Extract elements common in all column groups
I have a R dataset x as below:
ID Month
1 1 Jan
2 3 Jan
3 4 Jan
4 6 Jan
5 6 Jan
6 9 Jan
7 2 Feb
8 4 Feb
9 6 Feb
10 8 Feb
11 9 Feb
12 10 Feb
13 1 Mar
14 3 Mar
15 4 Mar
16 6 Mar
17 7 Mar
18 9 Mar
19 2 Apr
20 4 Apr
21 6 Apr
22 7 Apr
23 8 Apr
24 10 Apr
25 1 May
26 2 May
27 4 May
28 6 May
29 7 May
30 8 May
31 2 Jun
32 4 Jun
33 5 Jun
34 6 Jun
35 9 Jun
36 10 Jun
I am trying to figure out a R function/code to identify all IDs that exist atleast once in every month.
In the above case, ID
4
& 6
are present in all months.
Thanks
First, split the df$ID
by Month
and use intersect
to find elements common in each sub-group.
Reduce(intersect, split(df$ID, df$Month))
#[1] 4 6
If you want to subset the corresponding data.frame, do
df[df$ID %in% Reduce(intersect, split(df$ID, df$Month)),]
We can use data.table
. Convert the 'data.frame' to 'data.table' (setDT(df1)
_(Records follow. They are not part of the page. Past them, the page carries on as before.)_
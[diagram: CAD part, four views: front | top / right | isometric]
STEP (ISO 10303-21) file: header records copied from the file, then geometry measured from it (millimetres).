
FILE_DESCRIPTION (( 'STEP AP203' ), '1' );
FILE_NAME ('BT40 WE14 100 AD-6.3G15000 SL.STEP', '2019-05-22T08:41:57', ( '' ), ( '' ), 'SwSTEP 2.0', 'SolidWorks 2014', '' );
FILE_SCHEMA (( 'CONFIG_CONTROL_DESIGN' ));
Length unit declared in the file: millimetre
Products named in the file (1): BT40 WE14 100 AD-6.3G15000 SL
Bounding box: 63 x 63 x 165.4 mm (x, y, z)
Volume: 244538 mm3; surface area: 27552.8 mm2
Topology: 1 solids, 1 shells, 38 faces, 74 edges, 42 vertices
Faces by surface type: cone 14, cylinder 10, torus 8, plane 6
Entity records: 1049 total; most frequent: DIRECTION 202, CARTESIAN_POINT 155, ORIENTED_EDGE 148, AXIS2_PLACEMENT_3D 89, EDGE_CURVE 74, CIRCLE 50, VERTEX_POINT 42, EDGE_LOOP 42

), grouped by 'ID', get the row index (.I
) where the number of unique 'Months' are equal to the number of unique 'Months' in the whole dataset and subset the data based on this
library(data.table)
setDT(df1)[df1[, .I[uniqueN(Month) == uniqueN(df1$Month)], ID]$V1]
# ID Month
# 1: 4 Jan
# 2: 4 Feb
# 3: 4 Mar
# 4: 4 Apr
# 5: 4 May
# 6: 4 Jun
# 7: 6 Jan
# 8: 6 Jan
# 9: 6 Feb
#10: 6 Mar
#11: 6 Apr
#12: 6 May
#13: 6 Jun
To extract the 'ID's
setDT(df1)[, ID[uniqueN(Month) == uniqueN(df1$Month)], ID]$V1
#[1] 4 6
Or with base R
1) Using table
with rowSums
v1 <- rowSums(table(df1) > 0)
names(v1)[v1==max(v1)]
#[1] "4" "6"
This info can be used for subsetting the data
subset(df1, ID %in% names(v1)[v1 == max(v1)])
2) Using tapply
lst <- with(df1, tapply(Month, ID, FUN = unique))
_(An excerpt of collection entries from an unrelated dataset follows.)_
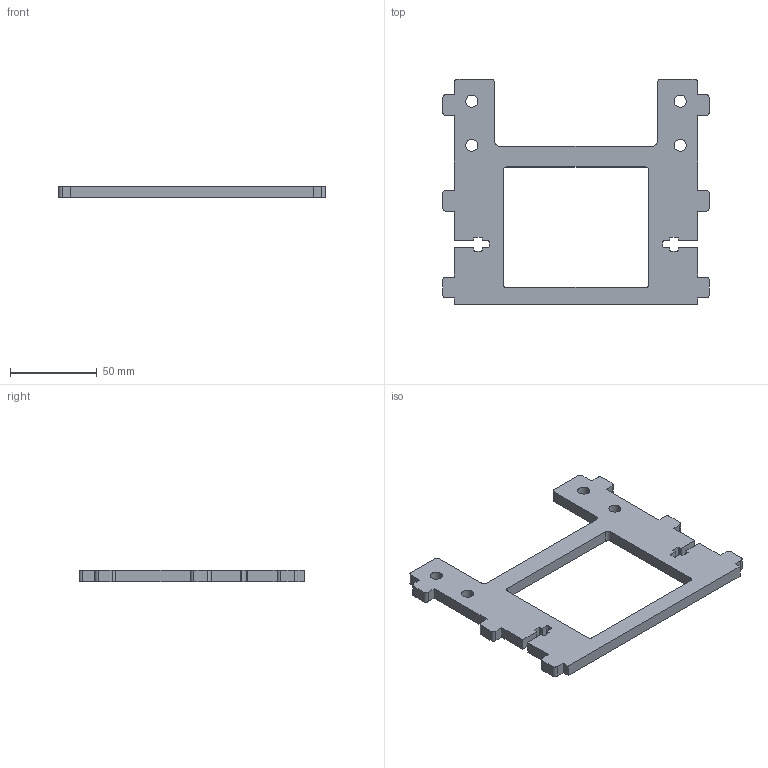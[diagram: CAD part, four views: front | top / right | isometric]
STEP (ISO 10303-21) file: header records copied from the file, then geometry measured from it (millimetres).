
FILE_DESCRIPTION (( 'STEP AP203' ), '1' );
FILE_NAME ('Duet Housing-Rear Plate.STEP', '2016-03-16T16:53:55', ( '' ), ( '' ), 'SwSTEP 2.0', 'SolidWorks 2015', '' );
FILE_SCHEMA (( 'CONFIG_CONTROL_DESIGN' ));
Length unit declared in the file: millimetre
Products named in the file (1): Duet Housing-Rear Plate
Bounding box: 153.6 x 130 x 6.8 mm (x, y, z)
Volume: 60369.5 mm3; surface area: 25698.4 mm2
Topology: 1 solids, 1 shells, 104 faces, 306 edges, 204 vertices
Faces by surface type: plane 62, cylinder 42
Entity records: 3571 total; most frequent: CARTESIAN_POINT 615, ORIENTED_EDGE 612, DIRECTION 600, EDGE_CURVE 306, LINE 222, VECTOR 222, VERTEX_POINT 204, AXIS2_PLACEMENT_3D 189

names(which(lengths(lst) == length(unique(df1$Month))))
#[1] "4" "6"
Or using dplyr
library(dplyr)
df1 %>%
group_by(ID) %>%
filter(n_distinct(Month)== n_distinct(df1$Month)) %>%
.$ID %>%
unique
#[1] 4 6
or if we need to get the rows
df1 %>%
group_by(ID) %>%
filter(n_distinct(Month)== n_distinct(df1$Month))
# A tibble: 13 x 2
# Groups: ID [2]
# ID Month
# <int> <chr>
# 1 4 Jan
# 2 6 Jan
# 3 6 Jan
# 4 4 Feb
# 5 6 Feb
# 6 4 Mar
# 7 6 Mar
# 8 4 Apr
# 9 6 Apr
#10 4 May
#11 6 May
#12 4 Jun
#13 6 Jun
An alternative solution using dplyr and purrr:
tib %>%
dplyr::group_by(Month) %>%
dplyr::group_split(.keep = F) %>%
purrr::reduce(intersect)
# A tibble: 2 x 1
# ID
# <dbl>
# 1 4
# 2 6
returns the desired IDs, where tib
is a tibble containing the input data.